A decadent German Chocolate Cake Recipe, made with an extra moist and fudgy chocolate cake, a rich caramel/coconut frosting, and iced with a sweet and simple chocolate frosting. Be sure to check out the how-to VIDEO below the recipe!
Preheat oven to 350F (175C) and prepare two 9" round cake pans by lightly greasing and flouring I also recommend lining the bottom of each pan with a round of parchment paper. Set aside.
Combine flour, sugars, cocoa powder, instant coffee, baking soda, and salt in a large bowl (or in the bowl of a stand mixer) and use an electric mixer to stir until well-combined.
Add oil and melted butter and stir well (mixture will be very thick), then stir in eggs, egg yolk, and vanilla extract.
Gradually add buttermilk, stirring until completely combined.
Slowly add hot water (be careful not to splash yourself!), stirring until ingredients are well-combined. Pause occasionally to scrape down the sides and bottom of the bowl with a spatula to ensure all ingredients are thoroughly combined.
Evenly divide batter into prepared pans. Transfer to oven and bake on 350F (175C) for 25-30 minutes and a toothpick inserted in the center comes out clean or with a few moist crumbs. Allow cakes to cool for 15 minutes before inverting onto cooling rack to cool completely before filling and frosting.
Coconut Caramel Filling
Once your cake is in the oven, begin preparing your coconut/caramel German Chocolate Cake Filling. In a medium-sized saucepan, combine egg yolks and evaporated milk and whisk until eggs are lightly beaten.
Add butter, sugars, and salt and place saucepan over medium/low heat (keep heat low so you do not cook your eggs!). Stir constantly until mixture is a light golden brown and thickened (about 10 minutes). Remove from heat and stir in vanilla extract, chopped pecans, and shredded coconut.
Allow to cool completely before spreading over cake.
In the bowl of a stand mixer OR in a large bowl using an electric mixer, beat butter until creamy. Gradually add powdered sugar and cocoa powder until completely combined. Stir in vanilla extract and milk.
Once your cake layers have cooled and your coconut/caramel filling is no longer warm to the touch, you can assemble your German Chocolate Cake!
Place one cake round on serving tray or cake platter. Use your chocolate frosting to spread or pipe a border around the edge of the cake. Fill the border with half of your coconut/caramel filling.

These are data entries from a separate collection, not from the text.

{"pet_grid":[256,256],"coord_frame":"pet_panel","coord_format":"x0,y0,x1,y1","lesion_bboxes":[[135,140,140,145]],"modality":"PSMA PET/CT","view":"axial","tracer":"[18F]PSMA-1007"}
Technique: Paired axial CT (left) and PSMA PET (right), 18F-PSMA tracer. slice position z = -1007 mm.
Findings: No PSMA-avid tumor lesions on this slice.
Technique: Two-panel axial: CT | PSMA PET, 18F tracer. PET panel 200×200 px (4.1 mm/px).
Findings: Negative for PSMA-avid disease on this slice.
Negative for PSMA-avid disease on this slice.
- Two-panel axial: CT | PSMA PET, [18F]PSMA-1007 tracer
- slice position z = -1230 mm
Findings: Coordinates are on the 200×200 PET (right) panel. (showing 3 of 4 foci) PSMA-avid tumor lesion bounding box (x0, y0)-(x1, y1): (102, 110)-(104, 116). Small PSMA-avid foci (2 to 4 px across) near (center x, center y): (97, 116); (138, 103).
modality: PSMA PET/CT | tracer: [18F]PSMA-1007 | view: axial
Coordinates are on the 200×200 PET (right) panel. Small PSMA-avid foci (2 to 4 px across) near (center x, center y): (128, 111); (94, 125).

Top with second cake round. Frost top and sides of entire cake with remaining chocolate frosting.
Top off cake with remaining half of coconut/caramel frosting.
Slice, serve, and enjoy!
¹If you don’t have buttermilk on hand, please see my easy buttermilk substitute.²This makes enough to lightly but entirely cover the cake without much left over for decorations. Since this is such a rich cake, this amount of frosting will be sufficient for most people. However, if you intend to decorate, please increase the frosting recipe by 50%. ³I recommend evaporated milk because you will likely have some over from your coconut filling if you purchased a 12 oz can. However, regular milk will work just as well!
German Chocolate Cake will keep at room temperature (granted you are not in a particularly hot/humid climate) in an airtight container for up to three days. It may also be refrigerated (in an airtight container) for up to a week.German Chocolate Cake may be frozen, wrap well and freeze for up to several months.